## RECORDS FOR PROCESSING

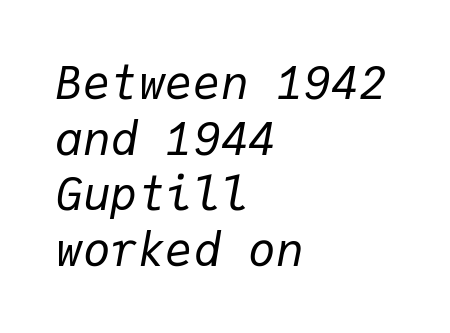
The image shows 46 px regular-weight type, italic (leaning right), monospaced; set left-aligned, line spacing 1.21x, normal letter spacing, not underlined; low stroke contrast and a medium x-height.
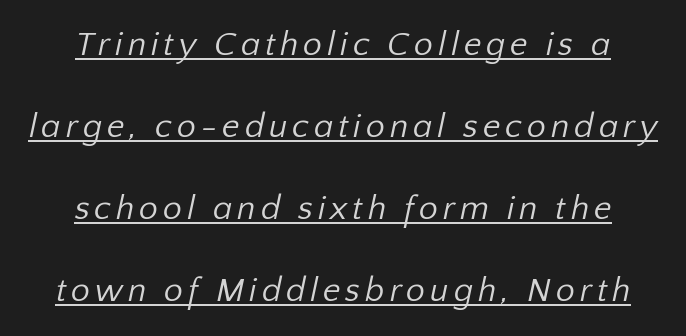
Q: Is the text bold? A: No.
Q: Is the typeface a serif or a sans-serif typeface? A: Sans-serif.
Q: Is the text underlined? A: Yes.
Q: How is the paragraph aligned? A: Centered.
Q: Is the spacing between lines tight, normal or loose? A: Loose.
Q: Width (condensed, normal, or wide)? A: Normal.
Q: Stroke contrast? A: Low.
Q: x-height? A: Medium.
Q: Monospaced? A: No.
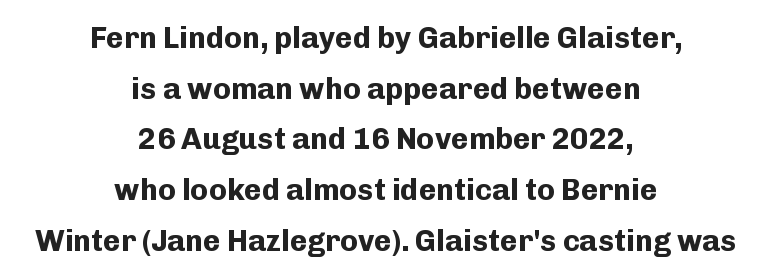
The image shows 30 px bold sans-serif type, upright; set centered, normal line spacing (1.69x), normal letter spacing, not underlined; low stroke contrast and a medium x-height.
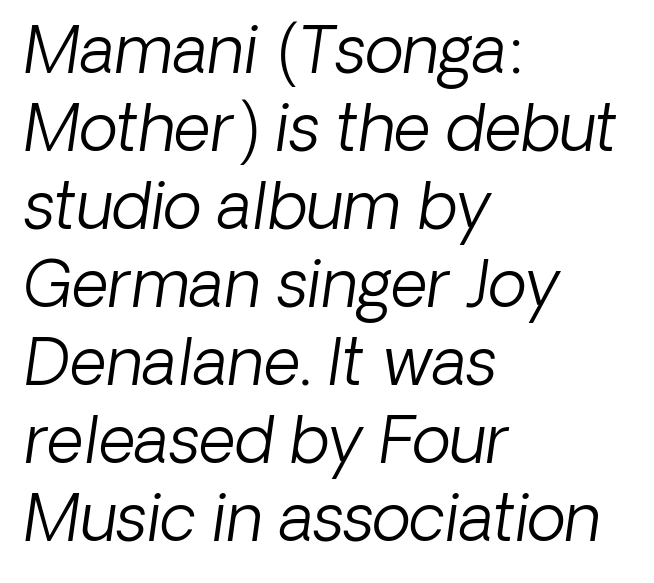
{"serif": "no", "bold": "no", "weight": "light", "width": "normal", "stroke_contrast": "low", "x_height": "medium", "monospaced": "no", "underline": "no", "align": "left", "line_spacing_ratio": 1.22, "letter_spacing": "normal", "letter_spacing_em": 0.0, "glyph_px": 64}
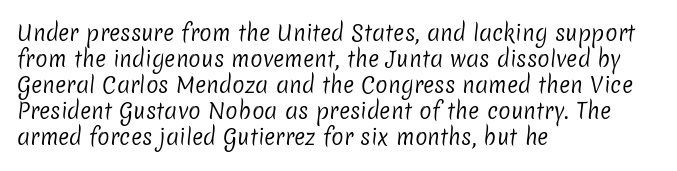
The image shows 21 px text type; set left-aligned, line spacing 1.24x, normal letter spacing, not underlined.
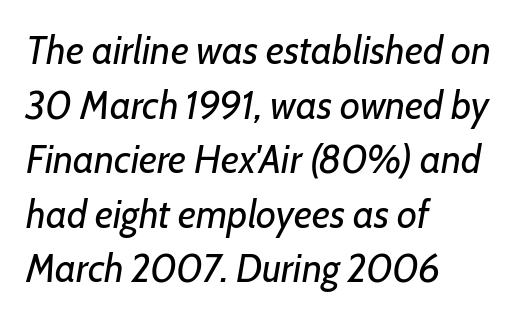
{"italic": "yes", "lean": "right", "slant_degrees": 7, "bold": "no", "weight": "regular", "width": "normal", "stroke_contrast": "low", "x_height": "medium", "monospaced": "no", "underline": "no", "align": "left", "line_spacing": "normal", "line_spacing_ratio": 1.4, "letter_spacing": "normal", "letter_spacing_em": 0.0, "glyph_px": 39}
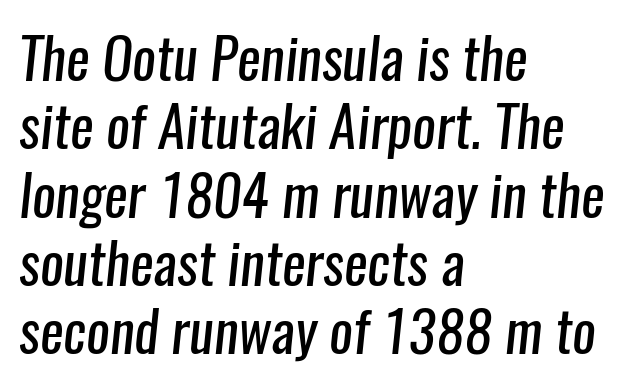
The font sits on the lighter half of the weight spectrum, regular included. Horizontally, the lines are justified to the leading edge only. Regarding serifs, this sample does without them. The letterforms sit shoulder to shoulder at normal distance. Do the characters align in a grid? No, the font is proportional. Has an underline been added? It has not.
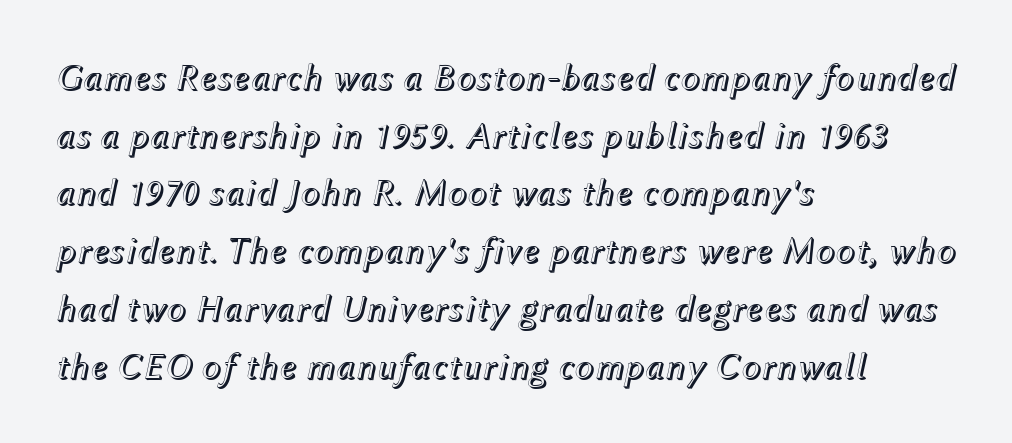
Q: Is the text italic (slanted)? A: Yes, it leans right by about 12 degrees.
Q: Is the text underlined? A: No.
Q: How is the paragraph aligned? A: Left-aligned.
Q: Is the spacing between letters normal or unusually wide? A: Normal.
Q: Is the spacing between lines tight, normal or loose? A: Normal.
Q: Width (condensed, normal, or wide)? A: Normal.
Q: x-height? A: Medium.
Q: Monospaced? A: No.
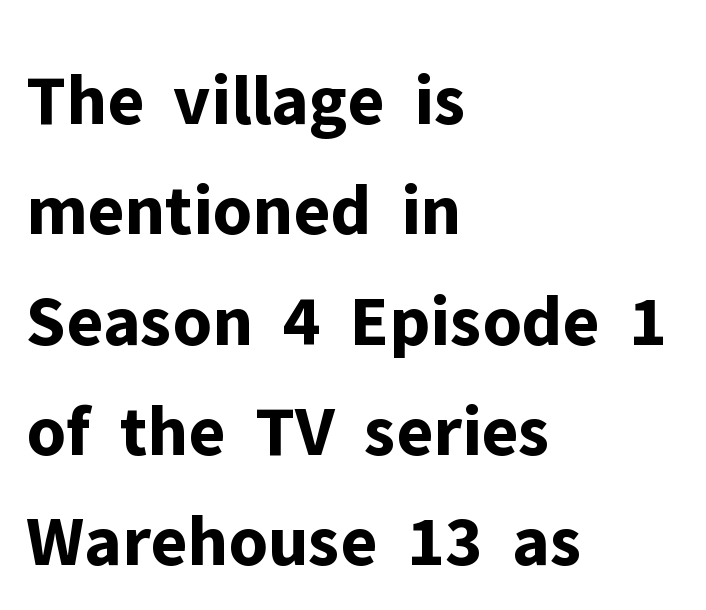
The image shows 74 px bold sans-serif type, upright; set left-aligned, normal line spacing (1.49x), normal letter spacing, not underlined; low stroke contrast and a medium x-height.
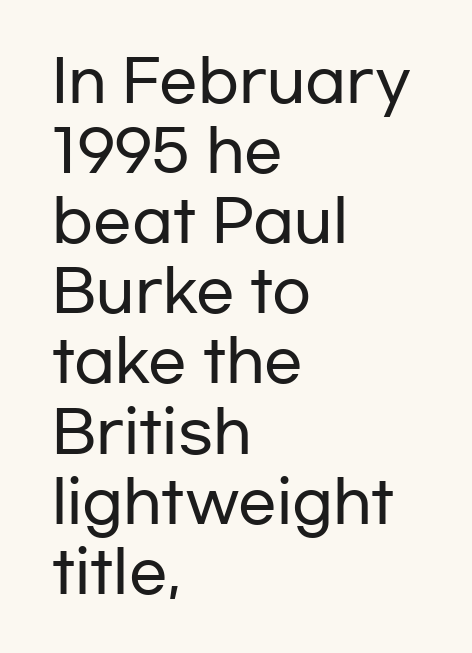
The image shows 57 px wide sans-serif type, upright; set left-aligned, line spacing 1.23x, normal letter spacing, not underlined; low stroke contrast and a medium x-height.
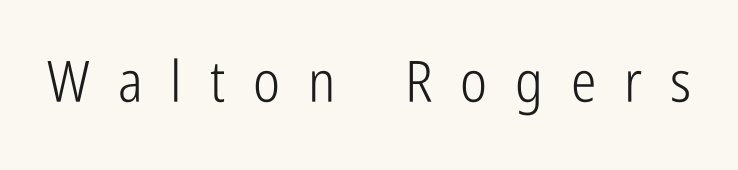
Q: Is the text bold? A: No.
Q: Is the text italic (slanted)? A: No, it is upright.
Q: Is the typeface a serif or a sans-serif typeface? A: Sans-serif.
Q: Is the text underlined? A: No.
Q: Is the spacing between letters normal or unusually wide? A: Unusually wide.
Q: Width (condensed, normal, or wide)? A: Condensed.
Q: Stroke contrast? A: Low.
Q: x-height? A: Medium.
Q: Monospaced? A: No.

## PROBLEM REQUIREMENTS
Write only the number of lines in the material above where the string "unusually" occurs.

## RESPONSE AREA
2